Silica nanoparticles (SiNP) induce focal lung injury in the rat. A: periodic acid-Schiff staining of the lung of a 200-nm SiNP-exposed rat at 26 wk. The lesions were at the level of the respiratory bronchioles (red star) and were quite focal (yellow arrows). They did not occur in the peripheral lung (red bracket), and they were not associated with the vasculature (blue star). B: the SiNP-exposed rat showed focal areas of inflammation, noted by CD68 staining. The infiltration consisted of vesicle-filled macrophages.
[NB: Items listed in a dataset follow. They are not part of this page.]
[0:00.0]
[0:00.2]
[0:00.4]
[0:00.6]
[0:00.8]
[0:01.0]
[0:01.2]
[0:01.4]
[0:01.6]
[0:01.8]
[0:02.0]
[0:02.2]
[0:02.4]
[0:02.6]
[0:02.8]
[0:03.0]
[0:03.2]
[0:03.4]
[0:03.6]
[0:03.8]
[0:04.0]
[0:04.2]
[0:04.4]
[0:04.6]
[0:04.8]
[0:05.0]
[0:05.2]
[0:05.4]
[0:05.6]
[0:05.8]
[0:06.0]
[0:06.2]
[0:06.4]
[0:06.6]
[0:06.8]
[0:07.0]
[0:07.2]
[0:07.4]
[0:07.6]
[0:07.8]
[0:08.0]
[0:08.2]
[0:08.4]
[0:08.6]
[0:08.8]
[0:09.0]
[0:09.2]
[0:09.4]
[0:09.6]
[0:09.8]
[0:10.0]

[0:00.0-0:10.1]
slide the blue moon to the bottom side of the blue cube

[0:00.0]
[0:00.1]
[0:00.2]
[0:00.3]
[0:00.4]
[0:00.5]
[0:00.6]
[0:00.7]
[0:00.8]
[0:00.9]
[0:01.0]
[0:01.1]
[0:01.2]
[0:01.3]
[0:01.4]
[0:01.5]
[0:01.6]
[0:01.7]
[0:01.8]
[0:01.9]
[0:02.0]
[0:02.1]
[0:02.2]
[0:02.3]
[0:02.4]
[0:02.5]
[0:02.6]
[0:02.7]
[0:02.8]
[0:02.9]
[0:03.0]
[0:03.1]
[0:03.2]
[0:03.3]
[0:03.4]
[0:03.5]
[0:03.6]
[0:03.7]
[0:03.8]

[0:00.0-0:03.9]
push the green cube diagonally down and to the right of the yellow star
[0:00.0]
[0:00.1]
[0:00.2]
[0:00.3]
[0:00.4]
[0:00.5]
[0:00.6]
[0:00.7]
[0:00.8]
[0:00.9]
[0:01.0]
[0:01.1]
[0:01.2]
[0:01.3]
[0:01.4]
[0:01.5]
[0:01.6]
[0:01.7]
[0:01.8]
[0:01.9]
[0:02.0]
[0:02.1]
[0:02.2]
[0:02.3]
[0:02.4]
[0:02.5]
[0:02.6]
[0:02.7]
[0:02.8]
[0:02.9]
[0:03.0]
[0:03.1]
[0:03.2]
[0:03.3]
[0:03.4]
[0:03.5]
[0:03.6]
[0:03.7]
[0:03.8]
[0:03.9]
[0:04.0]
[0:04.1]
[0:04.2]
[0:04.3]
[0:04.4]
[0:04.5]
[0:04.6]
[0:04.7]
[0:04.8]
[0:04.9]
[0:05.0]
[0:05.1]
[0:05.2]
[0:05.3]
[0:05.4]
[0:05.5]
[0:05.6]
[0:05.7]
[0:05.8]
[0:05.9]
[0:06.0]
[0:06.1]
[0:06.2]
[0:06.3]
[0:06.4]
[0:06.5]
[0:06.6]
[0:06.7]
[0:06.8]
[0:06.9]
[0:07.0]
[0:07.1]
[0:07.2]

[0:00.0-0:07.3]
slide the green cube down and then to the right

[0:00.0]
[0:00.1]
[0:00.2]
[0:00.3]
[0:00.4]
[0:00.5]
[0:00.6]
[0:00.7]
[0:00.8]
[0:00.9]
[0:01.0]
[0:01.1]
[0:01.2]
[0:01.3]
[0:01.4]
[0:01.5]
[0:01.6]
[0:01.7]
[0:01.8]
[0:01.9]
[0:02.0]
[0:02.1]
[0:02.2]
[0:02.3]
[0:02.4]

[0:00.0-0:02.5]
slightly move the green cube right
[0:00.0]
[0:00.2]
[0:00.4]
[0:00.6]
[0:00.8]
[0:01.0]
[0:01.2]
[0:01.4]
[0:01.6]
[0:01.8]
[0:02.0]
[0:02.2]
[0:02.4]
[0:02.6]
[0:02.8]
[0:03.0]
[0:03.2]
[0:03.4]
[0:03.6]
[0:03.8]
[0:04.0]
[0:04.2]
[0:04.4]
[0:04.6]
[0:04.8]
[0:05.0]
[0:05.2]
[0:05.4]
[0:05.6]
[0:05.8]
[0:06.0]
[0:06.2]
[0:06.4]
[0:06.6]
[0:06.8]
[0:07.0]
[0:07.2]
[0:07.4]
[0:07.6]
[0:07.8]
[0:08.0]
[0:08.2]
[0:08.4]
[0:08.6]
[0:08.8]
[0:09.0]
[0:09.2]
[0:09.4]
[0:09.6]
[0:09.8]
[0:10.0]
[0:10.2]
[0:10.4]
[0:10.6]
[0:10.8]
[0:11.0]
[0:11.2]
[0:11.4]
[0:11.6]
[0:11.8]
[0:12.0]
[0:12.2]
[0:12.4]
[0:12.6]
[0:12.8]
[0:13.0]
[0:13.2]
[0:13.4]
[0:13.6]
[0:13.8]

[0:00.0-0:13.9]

Some apoptotic cells were also present near the inflammatory foci and a few alveoli with broken walls (black arrow). Magnification: ×200. Scale bar = 50 µm. n = 4 or 5 male rats/group. C: quantification of F4-80 immunohistochemical positive macrophage lesions. A t test comparison of the groups was used (****P < 0.0001).

Figure 6.

Biodistribution of silica nanoparticles (SiNPs). The biodistribution of SiNPs in rats treated with 200- and 300-nm SiNPs is shown. Black circles represent individual rats treated with 200-nm SiNPs; black x’s represent individual rats treated with 300-nm SiNPs. Bars represent the mean of the data, and error bars represent 1 SD on either side of the mean. A: kidney deposition of 200- and 300 nm-SiNPs at 13 and 26 wk. B: lung deposition of 200- and 300-nm SiNPs at 13 and 26 wk. C: spleen deposition of 200- and 300-nm SiNPs at 13 and 26 wk. D: liver deposition of 200- and 300-nm SiNPs at 13 and 26 wk. E: urine clearance of 200- and 300-nm SiNPs at 13 and 26 wk. F: serum clearance of 200- and 300-nm SiNPs at 13 and 26 wk. *P < 0.05 compared with the indicated group via two-way ANOVA with a Tukey’s post hoc test. ns, not significant.